I want to know how can I stream data to client using django.
The Goal
The user submits a form, the form data is passed to a web service which returns a string. The string is tarballed (tar.gz) and the tarball is sent back to the user.
I don't know what's the way. I searched and I found this, but I just have a string and I don't know if it is the thing I want, I don't know what to use in place of filename = __file__ , because I don't have file - just a string. If I create a new file for each user, this won't be a good way. so please help me. (sorry I'm new in web programming).
EDIT:
$('#sendButton').click(function(e) {
e.preventDefault();
var temp = $("#mainForm").serialize();
$.ajax({
type: "POST",
data: temp,
url: 'main/',
success: function(data) {
$("#mainDiv").html(data.form);
????
}
});
});
I want to use ajax, so what should i do in success of ajac function and in return of view. really thanks.
my view.py:
def idsBackup(request):
if request.is_ajax():
if request.method == 'POST':
result = ""
form = mainForm(request.POST)
if form.is_valid():
form = mainForm(request.POST)
//do form processing and call web service
string_to_return = webserviceString._result
???
to_json = {}
to_json['form'] = render_to_string('main.html', {'form': form}, context_instance=RequestContext(request))
to_json['result'] = result
???return HttpResponse(json.dumps(to_json), mimetype='application/json')
else:
form = mainForm()
return render_to_response('main.html', RequestContext(request, {'form':form}))
else:
return render_to_response("ajax.html", {}, context_instance=RequestContext(request))
You can create a django file instance of ContentFile using a string content instead of actual file and then send it as a response.
Sample code:
from django.core.files.base import ContentFile
def your_view(request):
#your view code
string_to_return = get_the_string() # get the string you want to return.

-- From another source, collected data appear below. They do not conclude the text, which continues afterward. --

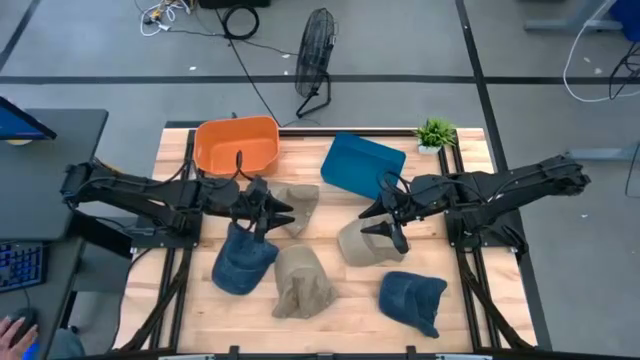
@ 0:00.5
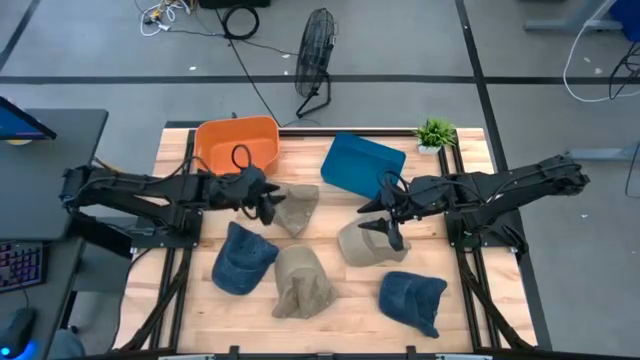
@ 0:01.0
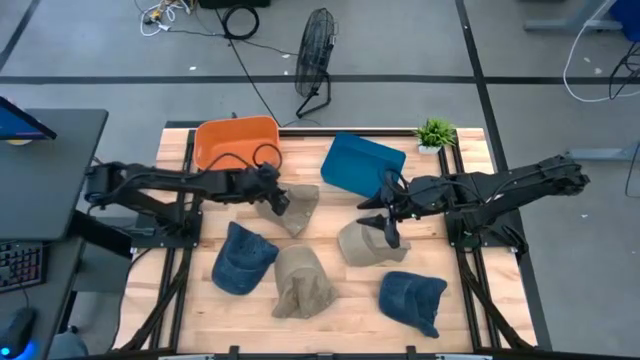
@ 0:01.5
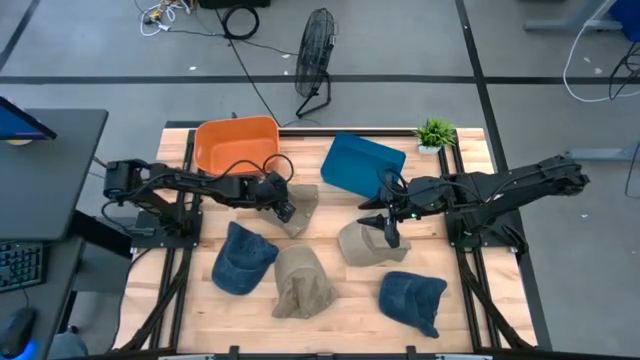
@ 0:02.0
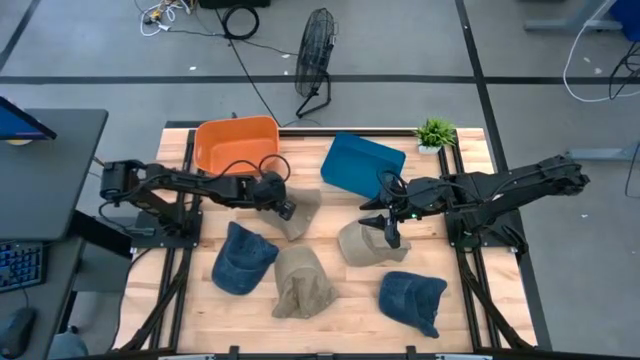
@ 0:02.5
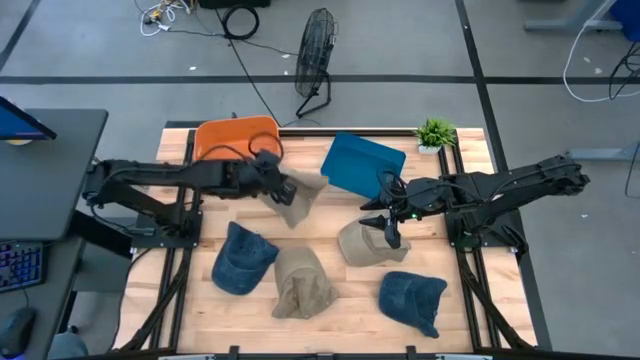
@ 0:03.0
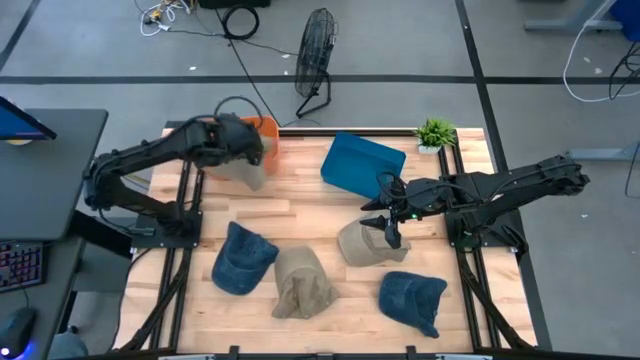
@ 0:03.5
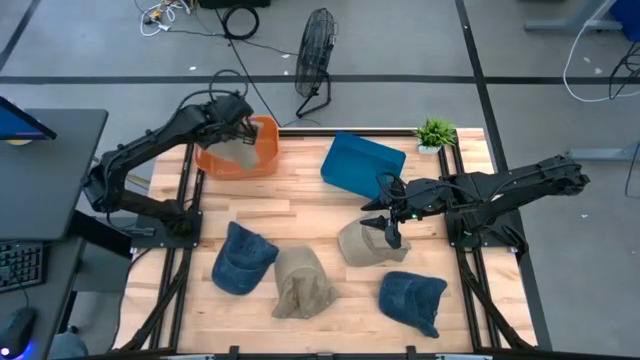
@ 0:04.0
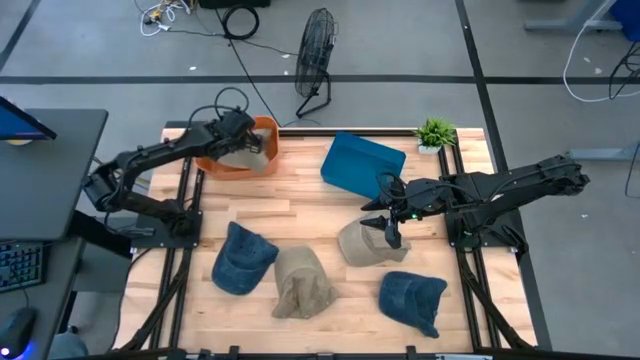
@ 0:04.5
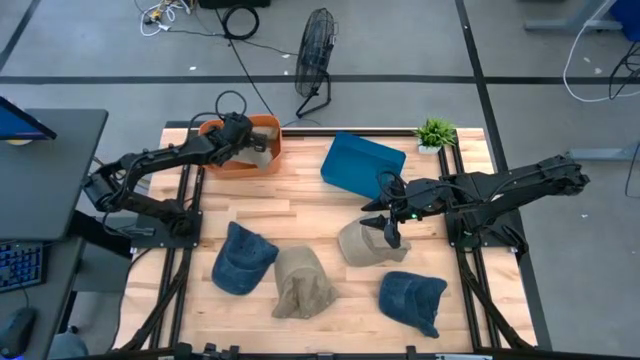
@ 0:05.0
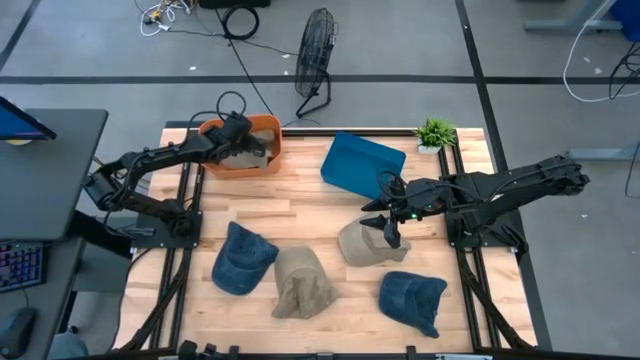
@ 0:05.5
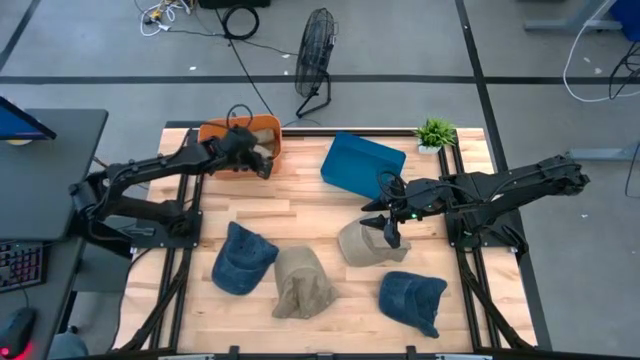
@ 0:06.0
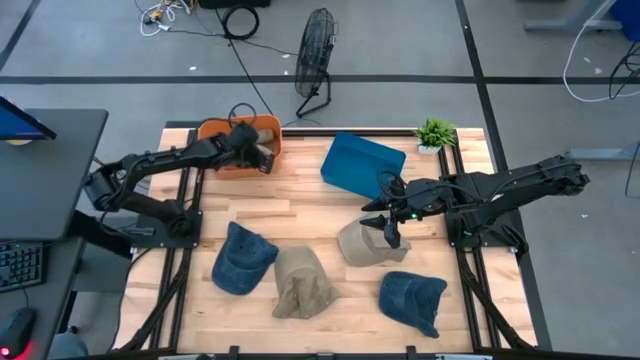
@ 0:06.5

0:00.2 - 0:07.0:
Task: Pick & Place hat
Put the top brown cap into the orange bin

file_to_send = ContentFile(string_to_return)
response = HttpResponse(file_to_send,'application/x-gzip')
response['Content-Length'] = file_to_send.size
response['Content-Disposition'] = 'attachment; filename="somefile.tar.gz"'
return response
You can modify send_zipfile from the snippet to suit your needs. Just use StringIO to turn your string into a file-like object which can be passed to FileWrapper.
import StringIO, tempfile, zipfile
...
# get your string from the webservice
string = webservice.get_response()
...
temp = tempfile.TemporaryFile()
# this creates a zip, not a tarball
archive = zipfile.ZipFile(temp, 'w', zipfile.ZIP_DEFLATED)
# this converts your string into a filelike object
fstring = StringIO.StringIO(string)
# writes the "file" to the zip archive
archive.write(fstring)
archive.close()
wrapper = FileWrapper(temp)
response = HttpResponse(wrapper, content_type='application/zip')
response['Content-Disposition'] = 'attachment; filename=test.zip'
response['Content-Length'] = temp.tell()
temp.seek(0)
return response